Queer punk outfit G.L.O.S.S. had everything going for them. The Olympia, Washington quintet (whose name stands for “Girls Living Outside of Society’s Sh*t”) released their excellent demo on Bandcamp last year, and immediately garnered serious buzz. Their digital EP that followed, Trans Day of Revenge, followed through on their debut’s promise, earning the trans-feminist hardcore band high-profile write-ups and numerous best-of-the-year placements. However, despite the group’s hype and fans’ anticipation for a full-length project, it appears G.L.O.S.S. will forever remain in the realm of Great Bands That Could Have Been.
After rejecting a $50,000 record deal from Epitaph on ethical grounds earlier this month, the band has officially announced its breakup via a post on MAXIMUM ROCKNROLL:
G.L.O.S.S. has decided to break up and move on with our lives. We all remain close friends, but are at a point where we need to be honest about the toll this band is taking on the mental and physical health of some of us. We are not all high-functioning people, and operating at this level of visibility often feels like too much.
We want to measure success in terms of how we’ve been able to move people and be moved by people, how we’ve been able to grow as individuals. This band has become too large and unwieldy to feel sustainable or good anymore — the only thing growing at this point is the cult of personality surrounding us, which feels unhealthy. There is constant stress, and traveling all the time is damaging our home lives, keeping us from personal growth and active involvement in our communities. Being in the mainstream media, where total strangers have a say in something we’ve created for other queer people, is exhausting.
The punk we care about isn’t supposed to be about getting big or becoming famous, it’s supposed to be about challenging ourselves and each other to be better people. It feels hard to be honest and inward when we are constantly either put on a pedestal or torn down, worshipped or demonized. We want to be whole people, not one-dimensional cartoons.
We are so thankful for everyone who has supported us and taken the time to tell us what we mean to you. If this band was for you, you know who you are, and no one can take that away. We will be playing Not Dead Yet Fest in Toronto in October, and planning one final show in the northwest with details to come. All of the money we make after our break-up will be donated to the Interfaith Works Emergency Overnight Shelter, a low-barrier homeless shelter in Olympia, WA. Our records will remain in print.

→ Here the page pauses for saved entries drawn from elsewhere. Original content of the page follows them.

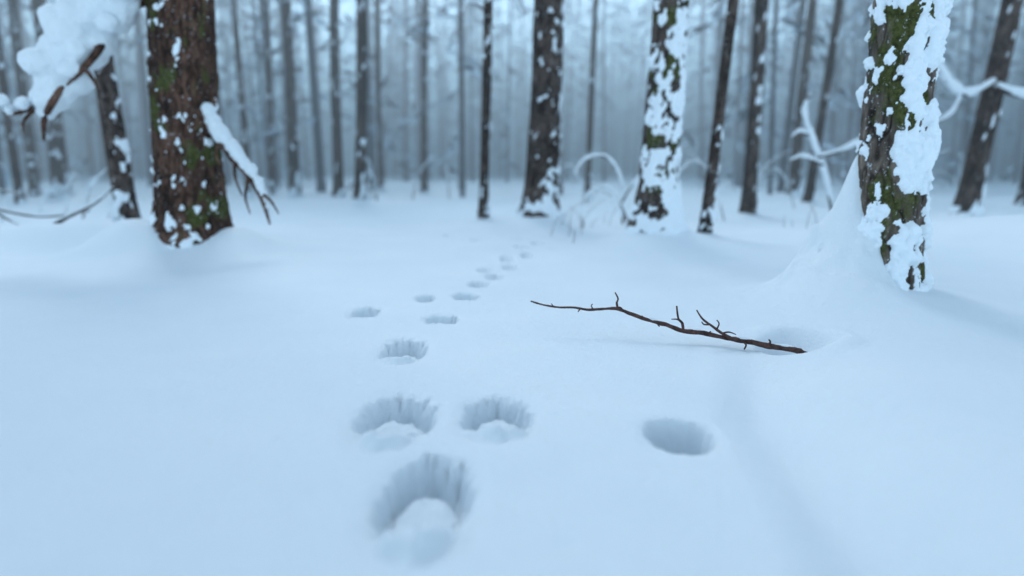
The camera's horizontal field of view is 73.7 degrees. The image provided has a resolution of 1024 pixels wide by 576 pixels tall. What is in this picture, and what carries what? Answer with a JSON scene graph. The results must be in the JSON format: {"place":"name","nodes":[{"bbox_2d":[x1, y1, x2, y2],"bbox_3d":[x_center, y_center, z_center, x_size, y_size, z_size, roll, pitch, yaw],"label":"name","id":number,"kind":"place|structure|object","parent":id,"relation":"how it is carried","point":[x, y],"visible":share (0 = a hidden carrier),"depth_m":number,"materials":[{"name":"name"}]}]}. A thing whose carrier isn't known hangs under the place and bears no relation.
{"place":"outdoors","nodes":[
{"label":"outdoors","id":0,"kind":"place"},
{"bbox_2d":[0,155,1023,575],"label":"snow ground","id":1,"kind":"structure","parent":0,"point":[394,379],"depth_m":1.55,"materials":[{"name":"white snow"}]},
{"bbox_2d":[0,1,27,203],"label":"pine tree","id":2,"kind":"object","parent":1,"relation":"on","point":[13,157],"visible":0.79,"depth_m":10.24,"materials":[{"name":"grey plant"}]},
{"bbox_2d":[0,0,54,195],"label":"pine tree","id":3,"kind":"object","parent":1,"relation":"on","point":[34,187],"visible":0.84,"depth_m":13.52,"materials":[{"name":"grey plant"}]},
{"bbox_2d":[30,0,75,195],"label":"pine tree","id":4,"kind":"object","parent":1,"relation":"on","point":[58,160],"visible":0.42,"depth_m":12.85,"materials":[{"name":"grey plant"}]},
{"bbox_2d":[0,163,109,212],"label":"snowy shrub","id":5,"kind":"object","parent":1,"relation":"on","point":[91,178],"visible":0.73,"depth_m":9.09,"materials":[{"name":"white snow"}]},
{"bbox_2d":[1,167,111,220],"bbox_3d":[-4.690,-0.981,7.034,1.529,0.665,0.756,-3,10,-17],"label":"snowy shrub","id":6,"kind":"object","parent":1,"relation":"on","point":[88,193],"visible":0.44,"depth_m":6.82,"materials":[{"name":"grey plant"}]},
{"bbox_2d":[0,186,113,224],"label":"fallen limbs","id":7,"kind":"object","parent":1,"relation":"on","point":[67,215],"visible":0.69,"depth_m":5.15,"materials":[{"name":"grey plant"}]},
{"bbox_2d":[94,55,143,222],"bbox_3d":[-3.291,-5.408,4.958,1.515,10.494,2.181,7,12,34],"label":"pine tree","id":8,"kind":"object","parent":1,"relation":"on","point":[124,204],"visible":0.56,"depth_m":5.24,"materials":[{"name":"brown plant"}]},
{"bbox_2d":[0,0,278,248],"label":"pine tree","id":9,"kind":"object","parent":1,"relation":"on","point":[69,54],"visible":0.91,"depth_m":3.77,"materials":[{"name":"brown plant"}]},
{"bbox_2d":[215,0,254,196],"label":"pine tree","id":10,"kind":"object","parent":1,"relation":"on","point":[242,101],"visible":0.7,"depth_m":13.47,"materials":[{"name":"grey plant"}]},
{"bbox_2d":[263,0,312,193],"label":"pine tree","id":11,"kind":"object","parent":1,"relation":"on","point":[272,189],"visible":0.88,"depth_m":14.51,"materials":[{"name":"grey plant"}]},
{"bbox_2d":[280,0,303,195],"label":"pine tree","id":12,"kind":"object","parent":1,"relation":"on","point":[294,182],"visible":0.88,"depth_m":13.11,"materials":[{"name":"grey plant"}]},
{"bbox_2d":[329,0,347,196],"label":"pine tree","id":13,"kind":"object","parent":1,"relation":"on","point":[338,188],"visible":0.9,"depth_m":12.44,"materials":[{"name":"grey plant"}]},
{"bbox_2d":[351,0,369,199],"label":"pine tree","id":14,"kind":"object","parent":1,"relation":"on","point":[360,191],"visible":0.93,"depth_m":9.64,"materials":[{"name":"grey plant"}]},
{"bbox_2d":[374,0,403,189],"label":"pine tree","id":15,"kind":"object","parent":1,"relation":"on","point":[380,184],"visible":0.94,"depth_m":15.77,"materials":[{"name":"grey plant"}]},
{"bbox_2d":[366,156,449,199],"bbox_3d":[-1.729,-1.707,10.732,1.412,0.759,0.980,0,10,0],"label":"snowy shrub","id":16,"kind":"object","parent":1,"relation":"on","point":[372,176],"visible":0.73,"depth_m":10.96,"materials":[{"name":"white snow"}]},
{"bbox_2d":[387,0,472,193],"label":"pine tree","id":17,"kind":"object","parent":1,"relation":"on","point":[424,187],"visible":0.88,"depth_m":14.61,"materials":[{"name":"grey plant"}]},
{"bbox_2d":[440,0,483,188],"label":"pine tree","id":18,"kind":"object","parent":1,"relation":"on","point":[458,19],"visible":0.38,"depth_m":17.39,"materials":[{"name":"grey plant"}]},
{"bbox_2d":[476,0,493,217],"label":"pine tree","id":19,"kind":"object","parent":1,"relation":"on","point":[483,211],"visible":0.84,"depth_m":6.38,"materials":[{"name":"grey plant"}]},
{"bbox_2d":[462,0,526,15],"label":"snowy branch","id":20,"kind":"object","parent":19,"relation":"attached to","point":[481,7],"visible":1,"depth_m":6.14,"materials":[{"name":"white snow"}]},
{"bbox_2d":[0,0,1023,196],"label":"distant forest","id":21,"kind":"object","parent":1,"relation":"on","point":[1012,159],"visible":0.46,"depth_m":31.12,"materials":[{"name":"grey plant"}]},
{"bbox_2d":[516,0,564,217],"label":"pine tree","id":22,"kind":"object","parent":1,"relation":"on","point":[540,198],"visible":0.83,"depth_m":5.97,"materials":[{"name":"brown plant"}]},
{"bbox_2d":[558,93,563,193],"bbox_3d":[1.258,-7.407,12.854,1.515,11.861,2.181,-8,13,-39],"label":"pine tree","id":23,"kind":"object","parent":1,"relation":"on","point":[560,186],"visible":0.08,"depth_m":13.74,"materials":[{"name":"grey plant"}]},
{"bbox_2d":[583,0,598,198],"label":"pine tree","id":24,"kind":"object","parent":1,"relation":"on","point":[588,170],"visible":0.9,"depth_m":11.11,"materials":[{"name":"grey plant"}]},
{"bbox_2d":[573,153,636,226],"bbox_3d":[0.955,-0.865,6.054,0.816,0.662,0.374,-2,10,-14],"label":"bent sapling","id":25,"kind":"object","parent":1,"relation":"on","point":[611,188],"visible":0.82,"depth_m":6.09,"materials":[{"name":"white plant"}]},
{"bbox_2d":[561,160,700,203],"bbox_3d":[1.665,-1.507,9.970,2.059,0.710,0.290,3,10,18],"label":"snowy shrub","id":26,"kind":"object","parent":1,"relation":"on","point":[611,185],"visible":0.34,"depth_m":10.09,"materials":[{"name":"white snow"}]},
{"bbox_2d":[623,0,691,235],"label":"pine tree","id":27,"kind":"object","parent":1,"relation":"on","point":[656,208],"visible":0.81,"depth_m":4.29,"materials":[{"name":"white plant"}]},
{"bbox_2d":[530,292,807,353],"bbox_3d":[0.468,0.112,2.004,0.876,0.177,0.048,4,11,23],"label":"fallen branch","id":28,"kind":"object","parent":1,"relation":"on","point":[765,345],"visible":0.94,"depth_m":1.97,"materials":[{"name":"brown wood"}]},
{"bbox_2d":[630,149,735,220],"bbox_3d":[1.722,-1.048,7.106,1.034,0.770,0.680,0,10,0],"label":"snowy shrub","id":29,"kind":"object","parent":1,"relation":"on","point":[705,167],"visible":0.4,"depth_m":6.95,"materials":[{"name":"white snow"}]},
{"bbox_2d":[551,197,816,242],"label":"dry stems","id":30,"kind":"object","parent":1,"relation":"on","point":[614,211],"visible":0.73,"depth_m":5.44,"materials":[{"name":"grey plant"}]},
{"bbox_2d":[696,0,738,232],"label":"pine tree","id":31,"kind":"object","parent":1,"relation":"on","point":[708,217],"visible":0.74,"depth_m":4.70,"materials":[{"name":"brown plant"}]},
{"bbox_2d":[738,0,768,213],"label":"pine tree","id":32,"kind":"object","parent":1,"relation":"on","point":[748,201],"visible":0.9,"depth_m":7.14,"materials":[{"name":"brown plant"}]},
{"bbox_2d":[758,150,835,208],"bbox_3d":[3.751,-1.306,8.429,1.928,0.760,0.447,0,10,-3],"label":"snowy shrub","id":33,"kind":"object","parent":1,"relation":"on","point":[760,171],"visible":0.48,"depth_m":8.56,"materials":[{"name":"white snow"}]},
{"bbox_2d":[785,0,817,195],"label":"pine tree","id":34,"kind":"object","parent":1,"relation":"on","point":[794,181],"visible":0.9,"depth_m":11.56,"materials":[{"name":"grey plant"}]},
{"bbox_2d":[801,0,843,202],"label":"pine tree","id":35,"kind":"object","parent":1,"relation":"on","point":[809,194],"visible":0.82,"depth_m":9.16,"materials":[{"name":"grey plant"}]},
{"bbox_2d":[789,93,858,209],"bbox_3d":[2.898,-1.187,6.122,0.832,1.076,0.190,1,10,6],"label":"bent sapling","id":36,"kind":"object","parent":1,"relation":"on","point":[809,132],"visible":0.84,"depth_m":6.09,"materials":[{"name":"white plant"}]},
{"bbox_2d":[855,0,953,291],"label":"pine tree","id":37,"kind":"object","parent":1,"relation":"on","point":[898,144],"visible":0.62,"depth_m":2.31,"materials":[{"name":"grey plant"}]},
{"bbox_2d":[933,149,961,198],"bbox_3d":[5.859,-1.462,9.365,1.412,0.846,0.702,-4,10,-20],"label":"snowy shrub","id":38,"kind":"object","parent":1,"relation":"on","point":[950,176],"visible":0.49,"depth_m":9.54,"materials":[{"name":"white plant"}]},
{"bbox_2d":[948,0,1023,215],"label":"pine tree","id":39,"kind":"object","parent":1,"relation":"on","point":[970,194],"visible":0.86,"depth_m":6.75,"materials":[{"name":"brown plant"}]},
{"bbox_2d":[938,63,1023,121],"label":"snowy branch","id":40,"kind":"object","parent":39,"relation":"attached to","point":[955,86],"visible":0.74,"depth_m":6.53,"materials":[{"name":"white snow"}]},
{"bbox_2d":[1012,162,1023,204],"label":"pine tree","id":41,"kind":"object","parent":1,"relation":"on","point":[1018,199],"visible":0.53,"depth_m":8.90,"materials":[{"name":"brown plant"}]},
{"bbox_2d":[0,0,1023,172],"label":"sky","id":42,"kind":"structure","parent":0,"point":[348,48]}
]}

Thank you for understanding why we have decided to put this down. While we know it might be sad for a lot of you, please understand that it is sad for us, too, but also relieving and nurturing. Ending the band is the right thing to do if we want to have healthy personal lives. (On that tip, while we appreciate your support so much, please don’t email us asking us not to break up or asking us about merch.)
We are eternally grateful for the people we have met and the places we have been due to G.L.O.S.S. Making these connections has been deeply rewarding and meaningful. Thank you so much for everything over the past year and a half.
Sharing this experience with you all has truly meant the world to us.
Girls Living Outside Society’s Sh*t
The news will no doubt be disappointing for fans, but the band’s thoughtful reasoning behind their decision will certainly encourage other musicians and artists to rethink mainstream success. Music is a hard habit to break, of course; this will unlikely be the last time we hear from the band’s radical members.